_The problem_
All of the data, word for word and free of pictures, is the expected result.

_Extracted data_

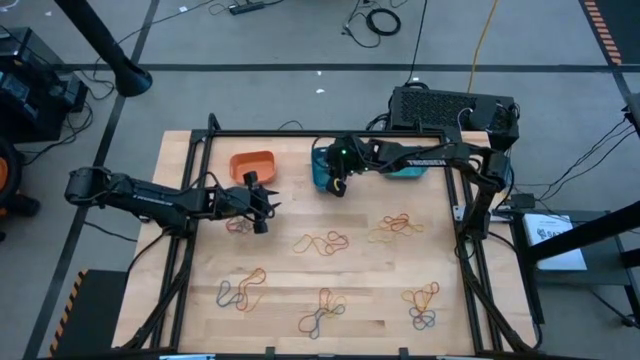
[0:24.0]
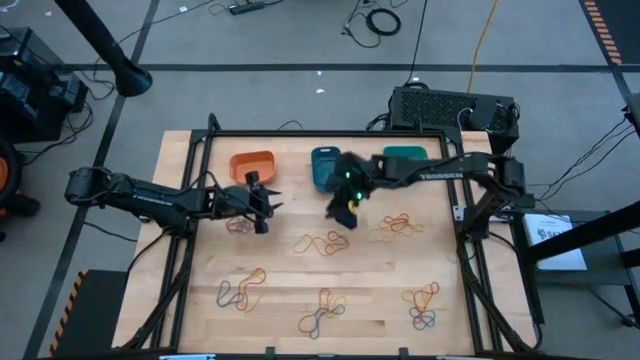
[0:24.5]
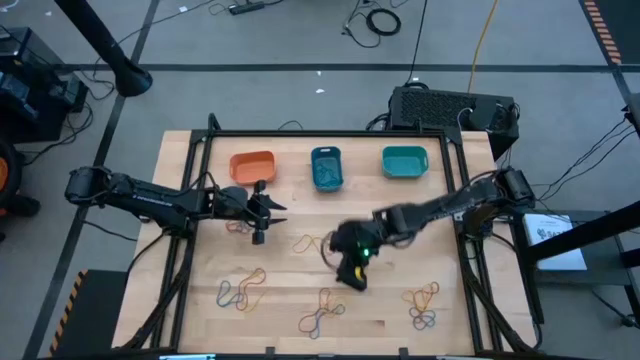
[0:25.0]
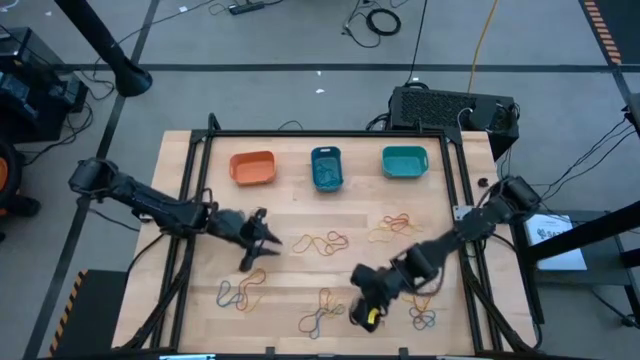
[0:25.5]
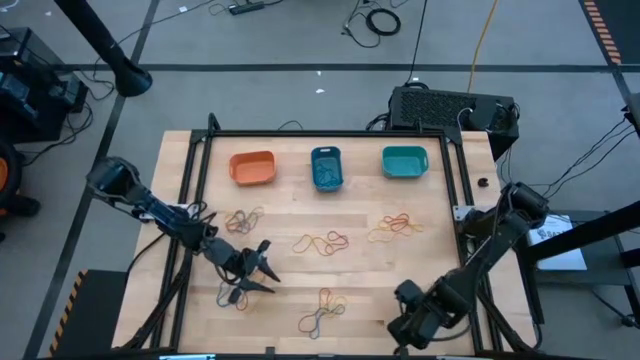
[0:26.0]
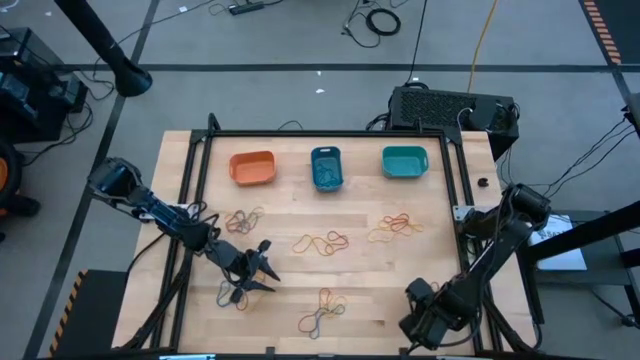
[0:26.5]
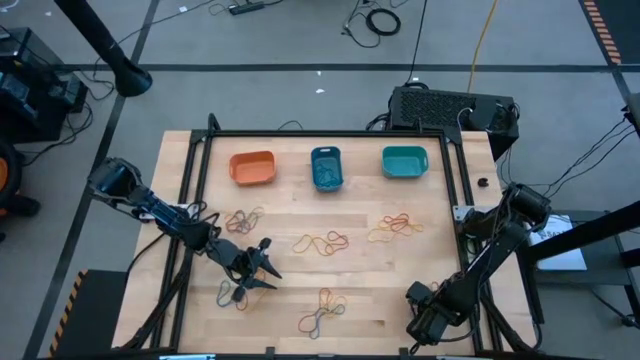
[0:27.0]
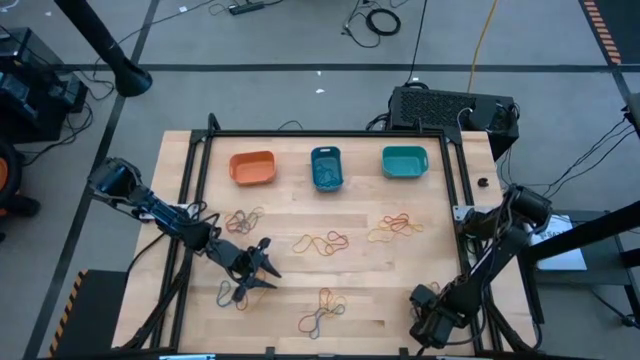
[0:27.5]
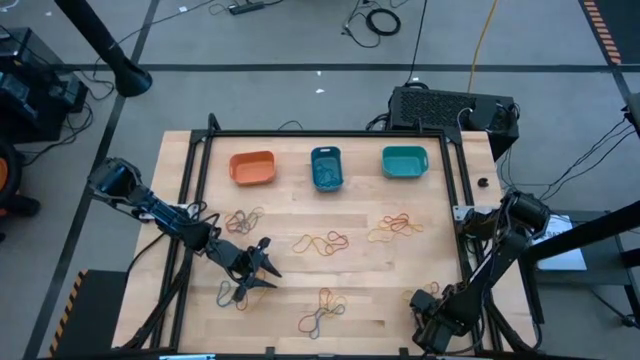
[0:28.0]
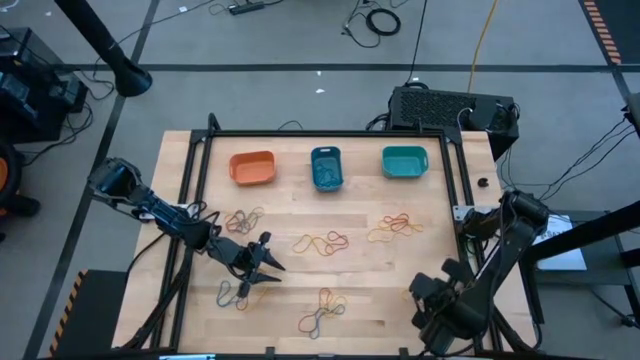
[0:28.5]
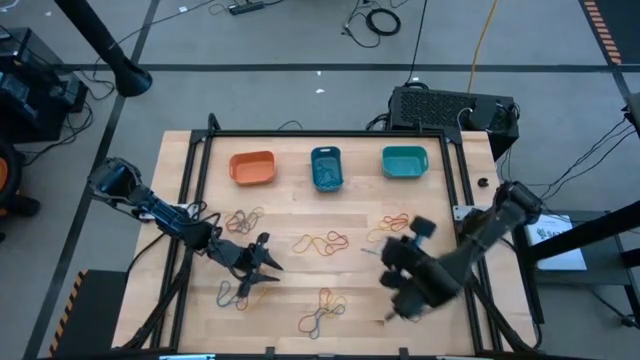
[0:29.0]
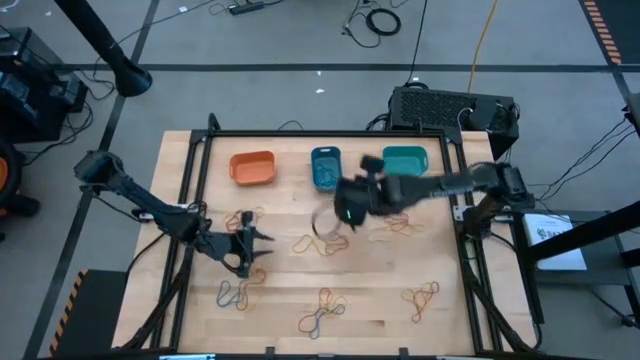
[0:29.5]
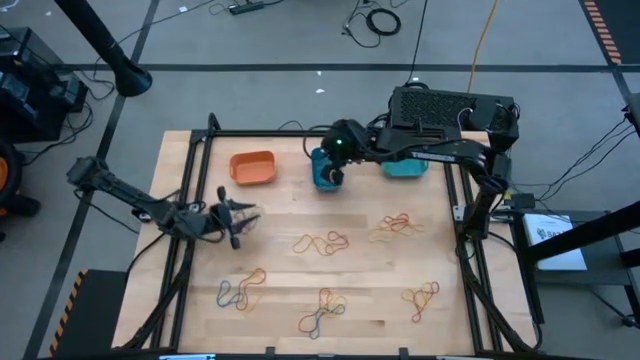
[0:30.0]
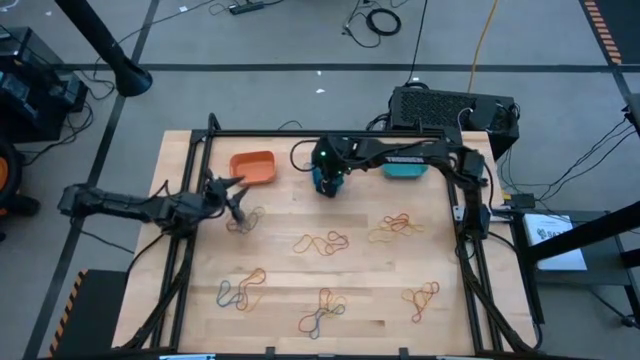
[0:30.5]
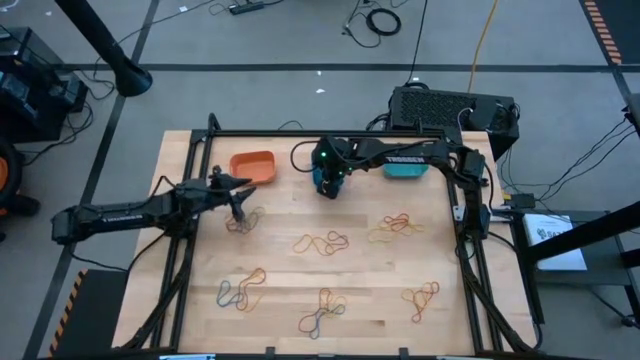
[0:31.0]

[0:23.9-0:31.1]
Put the blue rubber band into the blue bin

_Result of the exercise_
[0:24.0]
[0:24.5]
[0:25.0]
[0:25.5]
[0:26.0]
[0:26.5]
[0:27.0]
[0:27.5]
[0:28.0]
[0:28.5]
[0:29.0]
[0:29.5]
[0:30.0]
[0:30.5]
[0:31.0]

[0:23.9-0:31.1]
Put the blue rubber band into the blue bin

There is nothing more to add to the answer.